If you were to put photosensitive paper in the plane where you moved your eyes, you could capture an inverted picture of the flamingo, but basically your eyes are doing the same. The paper is capturing at once what your eyes would see if they scanned over the entire surface of the paper. The paper sees the whole flamingo at once, whilst your eyes only see a tiny bit of the flamingo at once (if not, your pinhole is not really a pinhole).

What a pinhole camera would capture:

Let's say you're looking at a tree for simplicity, and the hole is at ground level. The light scatters off the tip of the tree in many directions, but only some of it goes towards the hole.

When you look in the hole, the light is coming from above, so you see it pointing up. When the light has to go to the screen, the rays from the tip go below the hole, so you see it pointing down.

# Put simply, there are two factors:

## Pinholes don't flip the image, but filter light rays.

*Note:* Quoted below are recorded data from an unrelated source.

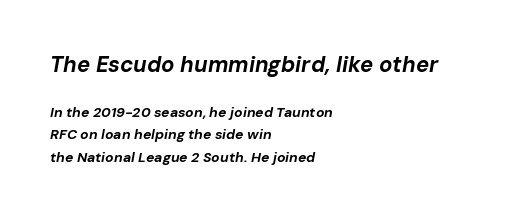
{"italic": "yes", "lean": "right", "slant_degrees": 10, "bold": "yes", "underline": "no", "align": "left", "line_spacing": "normal", "line_spacing_ratio": 1.6, "letter_spacing": "normal", "letter_spacing_em": 0.0, "larger_block": "first", "size_ratio": 1.57, "glyph_px": 22}
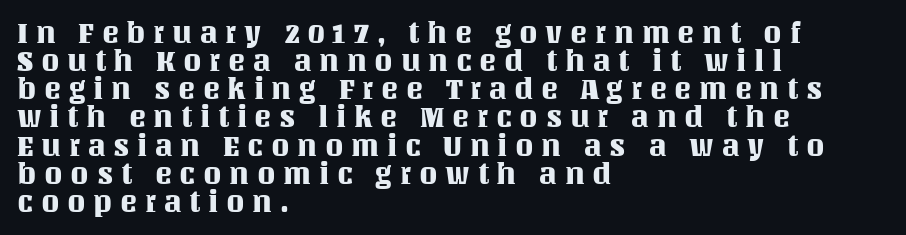
The image shows 29 px text type, upright; set left-aligned, tight line spacing (0.97x), unusually wide letter spacing (+0.26 em), not underlined; medium stroke contrast and a large x-height.
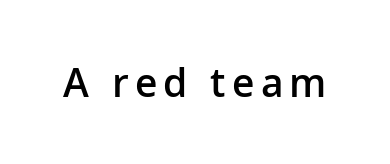
Serif or sans? Sans — the stroke terminals are bare. Slightly chunky letters — semibold, I'd say, not full bold. Varying glyph widths throughout — classic text-font behaviour. Has an underline been added? It has not. This sample uses an upright cut, with every glyph sitting square on the baseline.
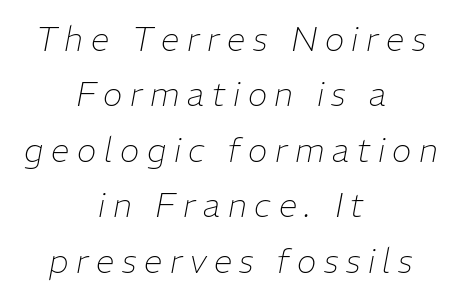
{"italic": "yes", "lean": "right", "slant_degrees": 11, "bold": "no", "weight": "thin", "width": "normal", "stroke_contrast": "low", "x_height": "medium", "monospaced": "no", "underline": "no", "align": "center", "line_spacing": "normal", "line_spacing_ratio": 1.68, "letter_spacing": "wide", "letter_spacing_em": 0.23, "glyph_px": 33}
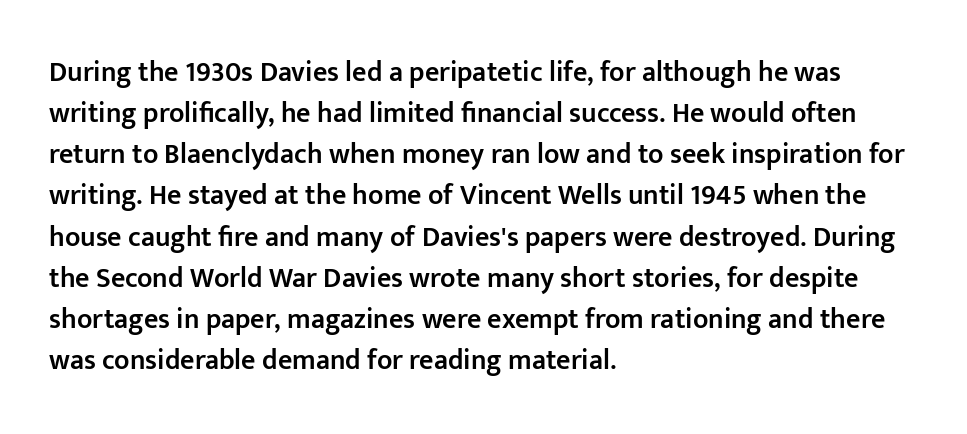
Caption: standard tracking, unaltered. Grotesque or geometric, the face here clearly has no serifs. The letters stand upright; this is a roman face. How heavy is the stroke? Medium-heavy — a semibold, shy of bold. Reading down the column, the eye jumps a familiar distance to each next line. The passage shown is not underscored anywhere.
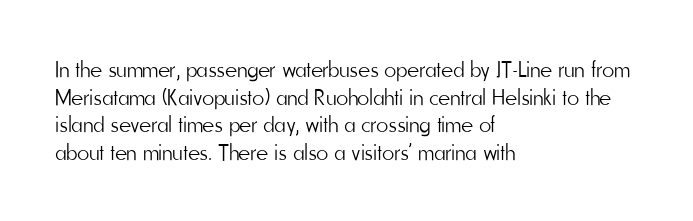
{"italic": "no", "bold": "no", "underline": "no", "align": "left", "line_spacing_ratio": 1.2, "letter_spacing": "normal", "letter_spacing_em": 0.0, "glyph_px": 23}
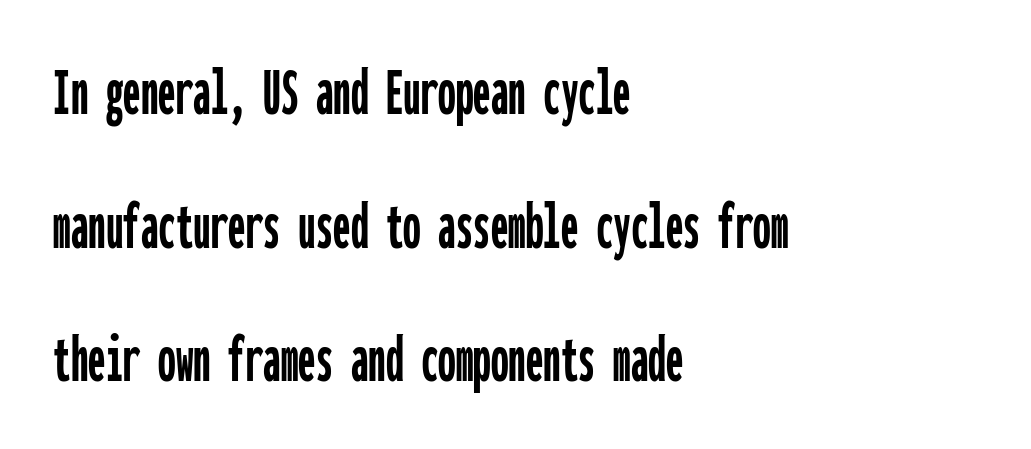
Q: Is the text italic (slanted)? A: No, it is upright.
Q: Is the typeface a serif or a sans-serif typeface? A: Sans-serif.
Q: Is the text underlined? A: No.
Q: How is the paragraph aligned? A: Left-aligned.
Q: Is the spacing between letters normal or unusually wide? A: Normal.
Q: Is the spacing between lines tight, normal or loose? A: Loose.
Q: Width (condensed, normal, or wide)? A: Condensed.
Q: Stroke contrast? A: Low.
Q: x-height? A: Medium.
Q: Monospaced? A: Yes.
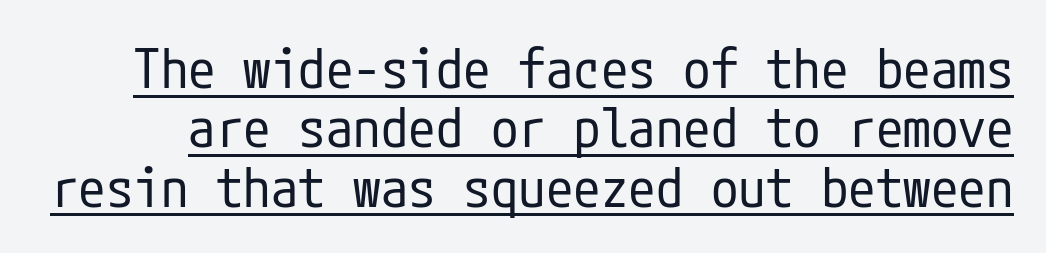
Q: Is the text bold? A: No.
Q: Is the text italic (slanted)? A: No, it is upright.
Q: Is the typeface a serif or a sans-serif typeface? A: Sans-serif.
Q: Is the text underlined? A: Yes.
Q: Is the spacing between letters normal or unusually wide? A: Normal.
Q: Is the spacing between lines tight, normal or loose? A: Tight.
Q: Width (condensed, normal, or wide)? A: Condensed.
Q: Stroke contrast? A: Low.
Q: x-height? A: Medium.
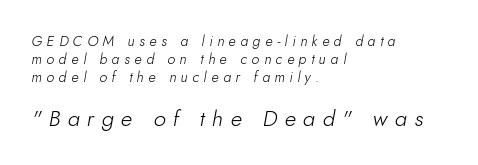
Students, observe: this is what conventionally led text looks like. Note: smaller setting up top, larger setting below. The tracking reads as deliberately expanded to a designer's eye. This is oblique type, the kind used for emphasis or titles. Caption: multi-line text, flush left, ragged right.
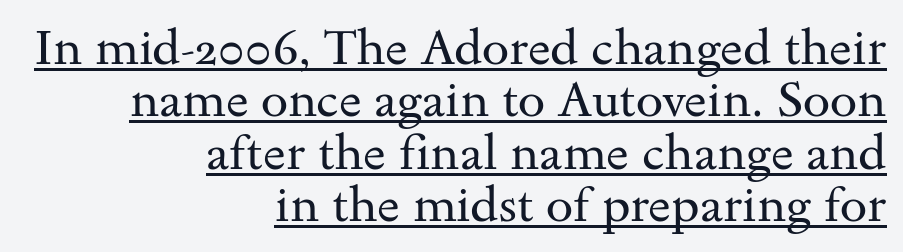
{"serif": "yes", "italic": "no", "bold": "no", "weight": "regular", "width": "wide", "stroke_contrast": "medium", "x_height": "small", "monospaced": "no", "underline": "yes", "align": "right", "line_spacing": "tight", "line_spacing_ratio": 1.07, "letter_spacing": "normal", "letter_spacing_em": 0.0, "glyph_px": 49}
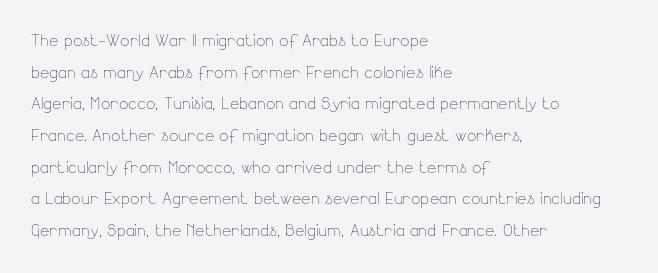
Ordinary non-slanted type is in use. Whoever set this chose a conventional vertical rhythm. Nothing unusual about the tracking: characters are spaced as the font intends. Every row of glyphs begins at an identical x-position on the left.
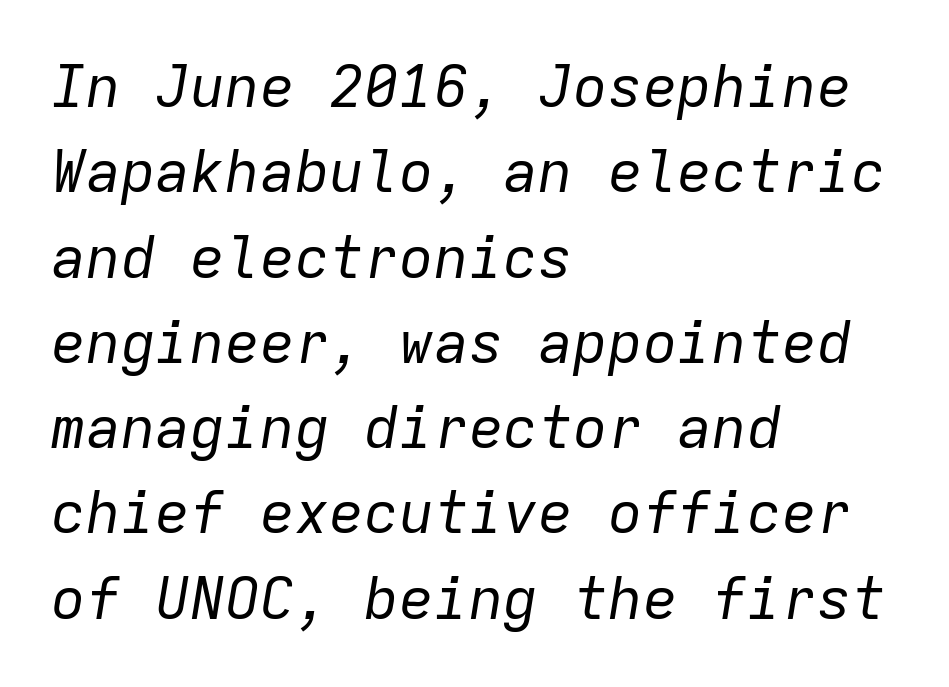
If you measured baseline to baseline, you'd find a middling distance. The gap between lines stays unmarked. Characters are canted at an angle relative to the baseline's perpendicular. The text block is weighted toward the left margin, trailing off unevenly rightward.
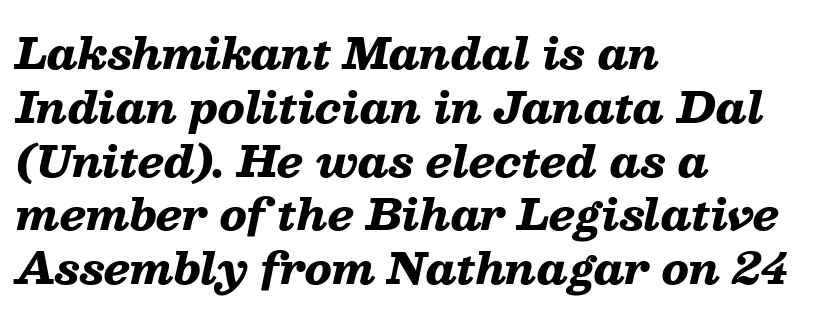
The image shows 42 px heavy, wide type, italic (leaning right); set left-aligned, normal line spacing (1.28x), normal letter spacing, not underlined; low stroke contrast and a medium x-height.
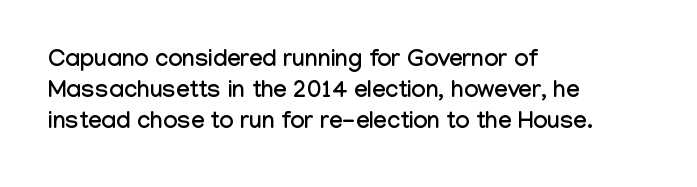
Q: Is the text italic (slanted)? A: No, it is upright.
Q: Is the text underlined? A: No.
Q: How is the paragraph aligned? A: Left-aligned.
Q: Is the spacing between letters normal or unusually wide? A: Normal.
Q: Is the spacing between lines tight, normal or loose? A: Normal.
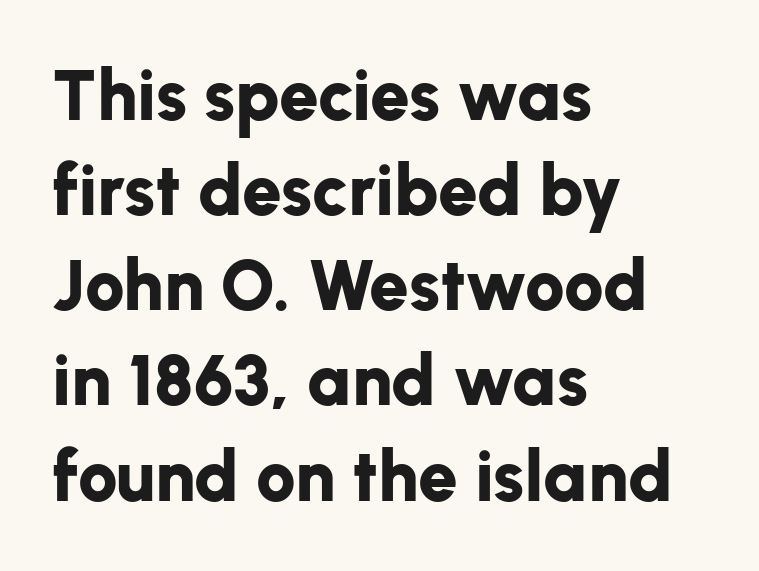
{"serif": "no", "italic": "no", "bold": "yes", "weight": "bold", "width": "normal", "stroke_contrast": "low", "x_height": "medium", "monospaced": "no", "underline": "no", "align": "left", "line_spacing": "normal", "line_spacing_ratio": 1.34, "letter_spacing": "normal", "letter_spacing_em": 0.0, "glyph_px": 71}
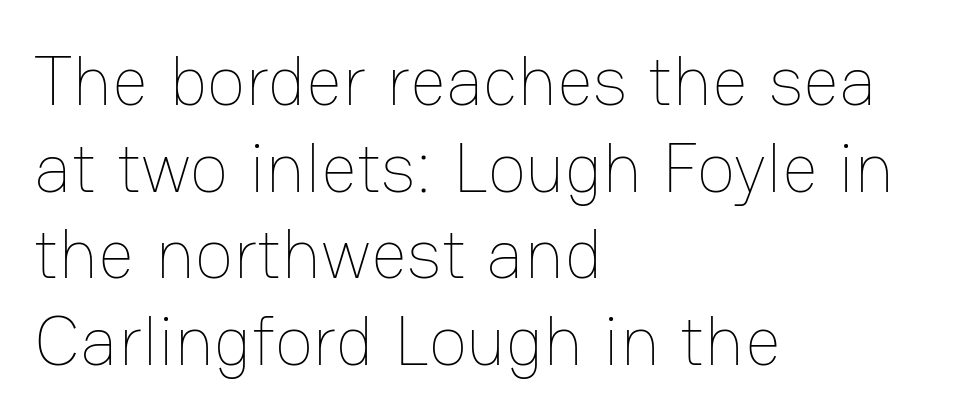
{"italic": "no", "bold": "no", "weight": "thin", "width": "normal", "stroke_contrast": "low", "x_height": "medium", "monospaced": "no", "underline": "no", "align": "left", "line_spacing_ratio": 1.22, "letter_spacing": "normal", "letter_spacing_em": 0.0, "glyph_px": 71}
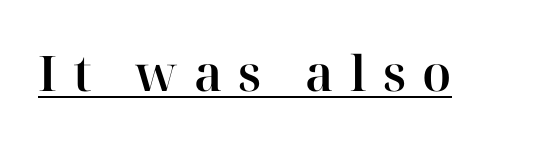
The image shows 49 px serif type, upright; set unusually wide letter spacing (+0.33 em), underlined; high stroke contrast and a medium x-height.
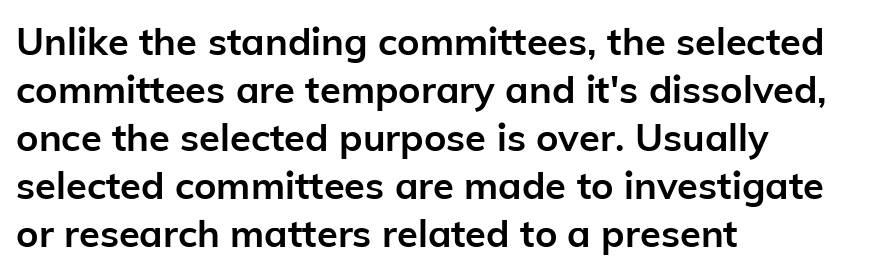
Q: Is the text bold? A: Yes.
Q: Is the text italic (slanted)? A: No, it is upright.
Q: Is the typeface a serif or a sans-serif typeface? A: Sans-serif.
Q: Is the text underlined? A: No.
Q: How is the paragraph aligned? A: Left-aligned.
Q: Is the spacing between letters normal or unusually wide? A: Normal.
Q: Is the spacing between lines tight, normal or loose? A: Normal.
Q: Width (condensed, normal, or wide)? A: Normal.
Q: Stroke contrast? A: Low.
Q: x-height? A: Medium.
Q: Monospaced? A: No.
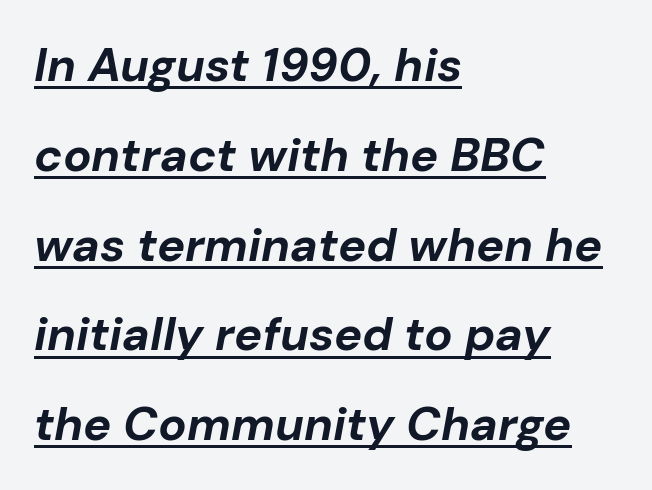
{"italic": "yes", "lean": "right", "slant_degrees": 10, "bold": "yes", "weight": "bold", "width": "normal", "stroke_contrast": "low", "x_height": "medium", "monospaced": "no", "underline": "yes", "align": "left", "line_spacing": "loose", "line_spacing_ratio": 1.91, "letter_spacing": "normal", "letter_spacing_em": 0.0, "glyph_px": 47}
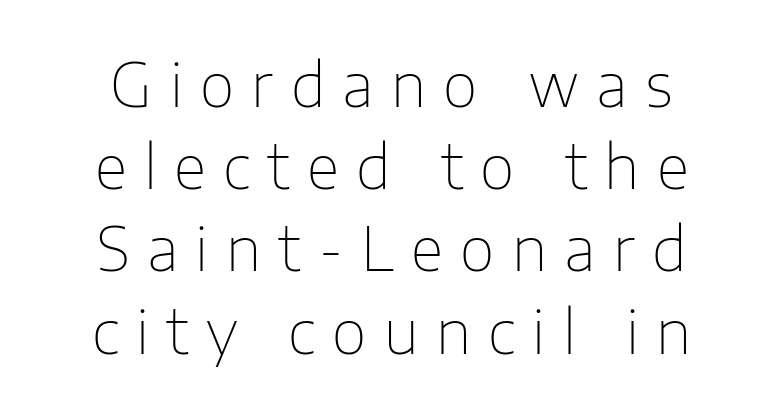
{"serif": "no", "italic": "no", "bold": "no", "weight": "thin", "width": "normal", "stroke_contrast": "low", "x_height": "medium", "monospaced": "no", "underline": "no", "line_spacing": "normal", "line_spacing_ratio": 1.37, "letter_spacing": "wide", "letter_spacing_em": 0.29, "glyph_px": 60}
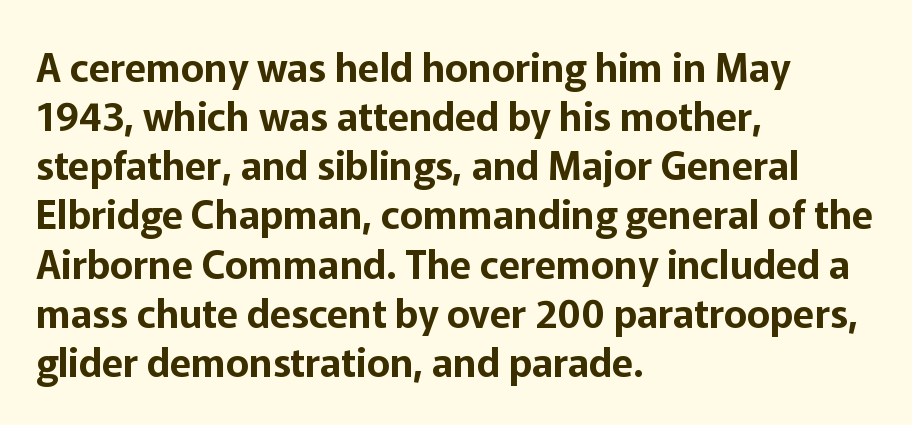
Q: Is the text italic (slanted)? A: No, it is upright.
Q: Is the typeface a serif or a sans-serif typeface? A: Sans-serif.
Q: Is the text underlined? A: No.
Q: How is the paragraph aligned? A: Left-aligned.
Q: Is the spacing between letters normal or unusually wide? A: Normal.
Q: Is the spacing between lines tight, normal or loose? A: Normal.
Q: Width (condensed, normal, or wide)? A: Normal.
Q: Stroke contrast? A: Low.
Q: x-height? A: Medium.
Q: Monospaced? A: No.
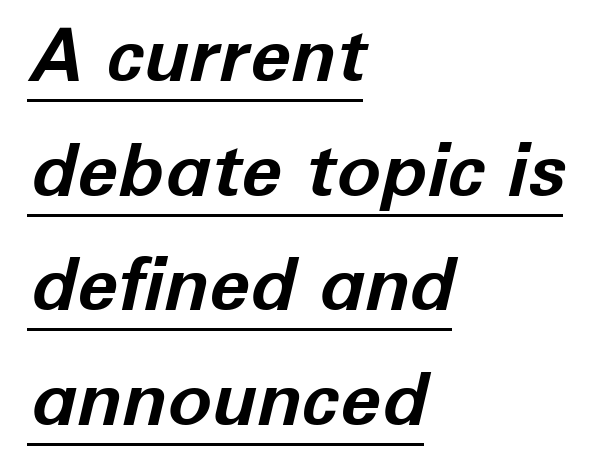
Q: Is the text bold? A: Yes.
Q: Is the text italic (slanted)? A: Yes, it leans right by about 12 degrees.
Q: Is the text underlined? A: Yes.
Q: How is the paragraph aligned? A: Left-aligned.
Q: Is the spacing between letters normal or unusually wide? A: Normal.
Q: Is the spacing between lines tight, normal or loose? A: Normal.
Q: Width (condensed, normal, or wide)? A: Normal.
Q: Stroke contrast? A: Low.
Q: x-height? A: Medium.
Q: Monospaced? A: No.
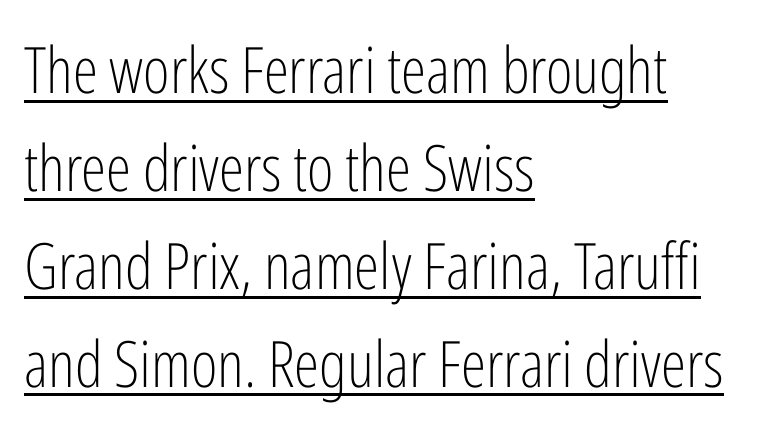
{"serif": "no", "italic": "no", "bold": "no", "weight": "light", "width": "condensed", "stroke_contrast": "low", "x_height": "medium", "monospaced": "no", "underline": "yes", "align": "left", "line_spacing": "normal", "line_spacing_ratio": 1.53, "letter_spacing": "normal", "letter_spacing_em": 0.0, "glyph_px": 64}

A point on the subject/source will cast rays of light in many directions, but only one will make it through the pinhole. The image is mirrored about the pinhole because the remaining rays are those that cross the point (e.g., from top to bottom), but that ray would have still been there if the "pinhole" was just a "hole".

## Your pupil acts as a second pinhole.

Imagine two pinholes in sequence. The first one filters out some light, and the second one does as well. But the image is not "flipped" twice! When you stick your eye up to a pinhole, you are simply re-filtering the light (and bending it, but that's not the cause of the "flip" effect).